The reason I am asking this question is that I get the following error when I start the simulation Unknown partition : m@inst: 9 and I guess it has something to do with the partitioning.

Excuse me if the question is trivial. I am not from the architecture community and not very familiar with low-level details.

Thanks, Matt

xyzsam commented 7 years ago

Hi Matt,

Thanks for your questions. A few clarifications:

  1. You don't need to add every function to WORKLOAD anymore. If there's just one function in WORKLOAD, LLVM-Tracer assumes it is the top level one and will trace every function called by that function.
  2. There are several reasons why you could be getting that error, but the most common is that you didn't declare m in your Aladdin configuration file. If m is a function argument of your top level function or is declared inside the top level function, this is required.

Sam

MahdiNazemi commented 7 years ago

Hi Sam,

Thanks a lot for your prompt reply. m was in fact the function parameter of one of the helper functions. Now that I have removed the helper functions from WORKLOAD, I get a similar error for the arrays declared inside the top level function.

Can you please explain why this is required? A pointer to a paper or an article would be great.

The reason I am asking this is that I partitioned all the necessary arrays to registers, but I get a segmentation fault when scheduling begins. I would like to know if partitioning can affect scheduling.

xyzsam commented 7 years ago

Partitioning absolutely affects scheduling - the more you partition an array, the more memory bandwidth you are provisioning for your accelerator, and more concurrent memory accesses leads to faster execution (which means a different schedule).

You have to declare the arrays in the configuration file because that's how Aladdin knows about them in the first place. All of the fields are important - name, size, word size, and partitioning factor - and getting one of them wrong could potentially lead to unexpected behavior.

As a side note, generally, you only want to partition very small arrays completely into registers, as they are much more expensive to build than SRAMs.

For more information, I suggest you read the original Aladdin paper.

MahdiNazemi commented 7 years ago

Thanks a lot for your thorough explanation. I had read the paper a couple of times, but I still had issues understanding partitions. I guess the concept is clear now.
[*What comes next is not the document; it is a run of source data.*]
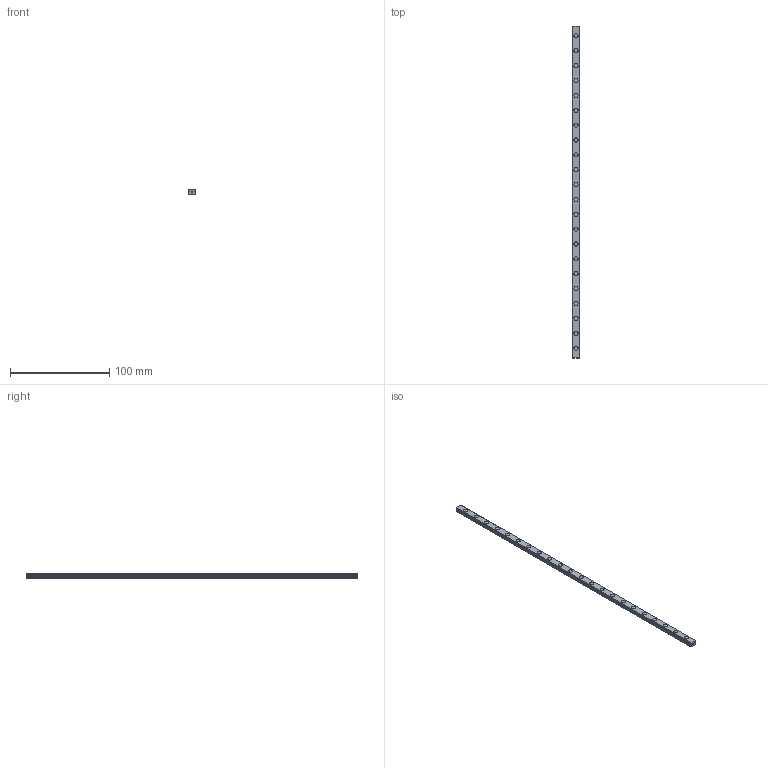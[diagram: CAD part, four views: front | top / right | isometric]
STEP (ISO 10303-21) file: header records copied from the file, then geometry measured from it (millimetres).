
FILE_DESCRIPTION(('STEP AP214'),'1');
FILE_NAME('cctmp_3A05DAC2-ECC3-4437-8EBD-48292B8E67AD_2021_02_18_12_46_01_0288..stp','2021-02-18T11:46:01',('HIWIN GmbH'),('CADClick - www.CADClick.com'),'Spatial InterOp 3D',' ','unknown authorization');
FILE_SCHEMA(('AUTOMOTIVE_DESIGN'));
Length unit declared in the file: millimetre
Products named in the file (1): MGNR07R335CM_FILE
Bounding box: 7 x 335 x 4.8 mm (x, y, z)
Volume: 9675.1 mm3; surface area: 10300.7 mm2
Topology: 1 solids, 1 shells, 293 faces, 663 edges, 442 vertices
Faces by surface type: cylinder 148, plane 145
Entity records: 10681 total; most frequent: DIRECTION 1547, CARTESIAN_POINT 1399, ORIENTED_EDGE 1326, EDGE_CURVE 663, AXIS2_PLACEMENT_3D 590, VERTEX_POINT 442, LINE 367, VECTOR 367

By the way, the reason for segmentation fault was loop unrolling configuration. It looks like I have to explicitly mention loop unrolling factor even if I do not want to unroll any of the loops (unroll once).

xyzsam commented 7 years ago

Yes, that is correct. Aladdin's loop unrolling optimization is actually a loop rolling operation, because we start with the idealistic DDDG that only has true memory dependences, so at the beginning, all loops are completely unrolled (aka flattened). In order to model loop unrolling, we then add additional dependences to the loops. So if you don't mention loop unrolling for a loop, then Aladdin wouldn't know that loop exists at all, and then that loop would remain flattened - it's not so trivial to set a default to 1 because we don't know a priori where all the loops are in the dynamic trace to begin with.